Мураш не ошибся: Горимысл был памятлив, умен и не склонен к поспешным решениям.
— Коллега, вероятно, вспомнил больного по имени Руслан со сложным переломом голени. — Илья успел несколько успокоиться. Руки уже не так чесались, свернуть лейб-душегубу шею.
— Из татаровей? — мимоходом спросил Горимысл.
— Не знаю. Не спрашивал.
— Много иноплеменных прозвищ у нас в слободе. Ладно. Говори дальше.
— Так складывать кости, как делает ваш медикус нельзя, — Илья начал с самого на его взгляд важного. — Кости сначала надо вправлять, только потом одевать лубки. Иначе человек останется калекой.
— Говорил я тебе! — взревел бас на медикуса. — Продолжай, Илюшка.
— Тот парень полностью поправился. Если его разыскать, думаю, он подтвердит. Да и сами все увидите.
— Где ж его сыщешь? — плаксиво запричитал Гаврила Петрович, — Бежал больной от дохтура сего страхолюдного, только пятки сверкали.
— Бежал?
— Улепетывал.
— Значит, ногу ему правильно твой помощник сложил, — неожиданно припечатал Горимысл.

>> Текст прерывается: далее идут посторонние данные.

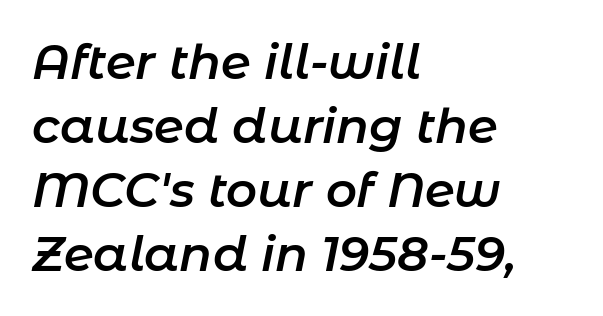
The image shows 48 px semibold type, italic (leaning right); set left-aligned, normal line spacing (1.33x), normal letter spacing, not underlined; low stroke contrast and a medium x-height.
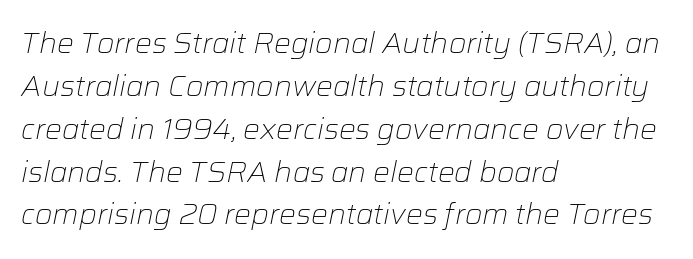
Q: Is the text bold? A: No.
Q: Is the text italic (slanted)? A: Yes, it leans right by about 12 degrees.
Q: Is the text underlined? A: No.
Q: How is the paragraph aligned? A: Left-aligned.
Q: Is the spacing between letters normal or unusually wide? A: Normal.
Q: Is the spacing between lines tight, normal or loose? A: Normal.
Q: Width (condensed, normal, or wide)? A: Normal.
Q: Stroke contrast? A: Low.
Q: x-height? A: Medium.
Q: Monospaced? A: No.

Гавриле Петровичу осталось, прикусить язык.
— Приговариваю: Илюшку из лекарни забрать. Друг дружку потравите — ладно. Людей последних ведь изведете. Знамо, медикус за свою правоту ни здорового, ни больного не пожалеет. Ни старого, ни…

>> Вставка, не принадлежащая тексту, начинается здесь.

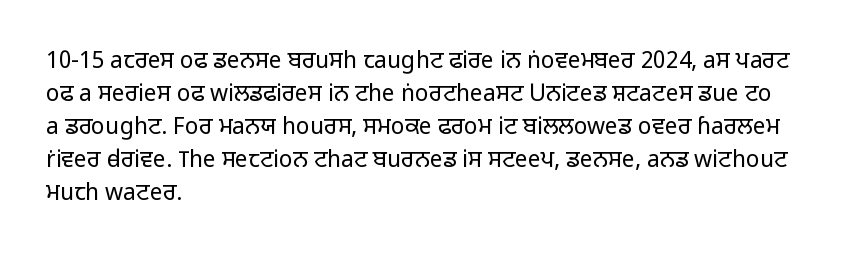
The image shows 23 px text type, upright; set left-aligned, normal line spacing (1.44x), normal letter spacing, not underlined.
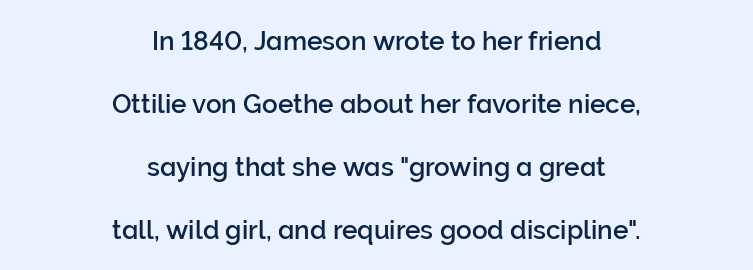
If you folded the block vertically in half, each line would mirror itself in length. Compared with typical paragraphs, the rows here are farther apart. A typesetter would call this zero additional tracking. The passage shown is not underscored anywhere.

Малого, — закончил про себя Илья, — по тому что не было детей в благословенном городе Дите. Отсутствовали. Если и проявлялись, исчезали тотчас. А свои? Женщины не родют, — поведал, забежавший в гости Мураш. И дальше на расспросы любопытного проявленца отвечать не стал. Не знает в чем дело, или не велено говорить? Разносить, так сказать, вредные слухи? Низь-зь-зья!
Все как дома. Там тоже долго было низь-зья. А когда стало зя, голодный желудок и больная совесть заставляли пахать, а не заниматься трепом.

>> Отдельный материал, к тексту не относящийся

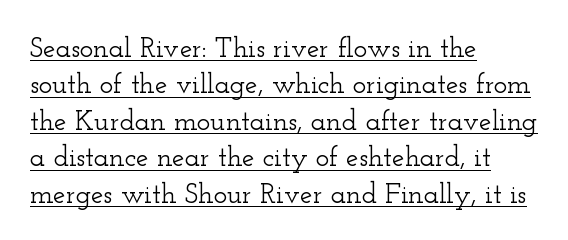
The letters carry serifs — small finishing strokes at the ends of their stems. Students, observe: this is what conventionally led text looks like. Note the varied advance widths — an 'i' is clearly narrower than an 'm'. The letters stand upright; this is a roman face. The gaps between neighbouring characters are ordinary and unremarkable.
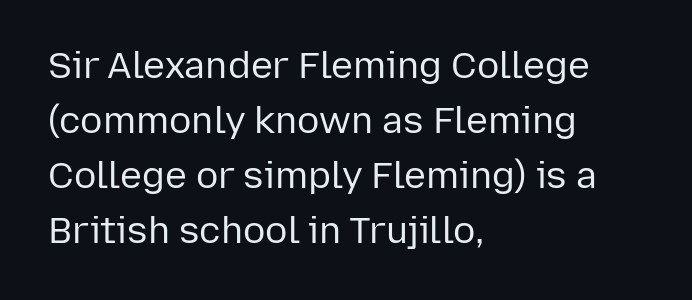
The image shows 37 px regular-weight sans-serif type, upright; set left-aligned, normal line spacing (1.49x), normal letter spacing, not underlined; low stroke contrast and a medium x-height.

Навалилась каменная усталость. Илья стоял, глядя в одну точку, и тупо мыслил: жизнь в городе Дите и не жизнь вовсе. Сбил его тогда пьяный грузовик. И попал-таки грешный доктор в Ад, где нудно, пыльно, волгло, муторно… и вечно. Однако вон же — умирают. Ну, это те, кому особо повезло.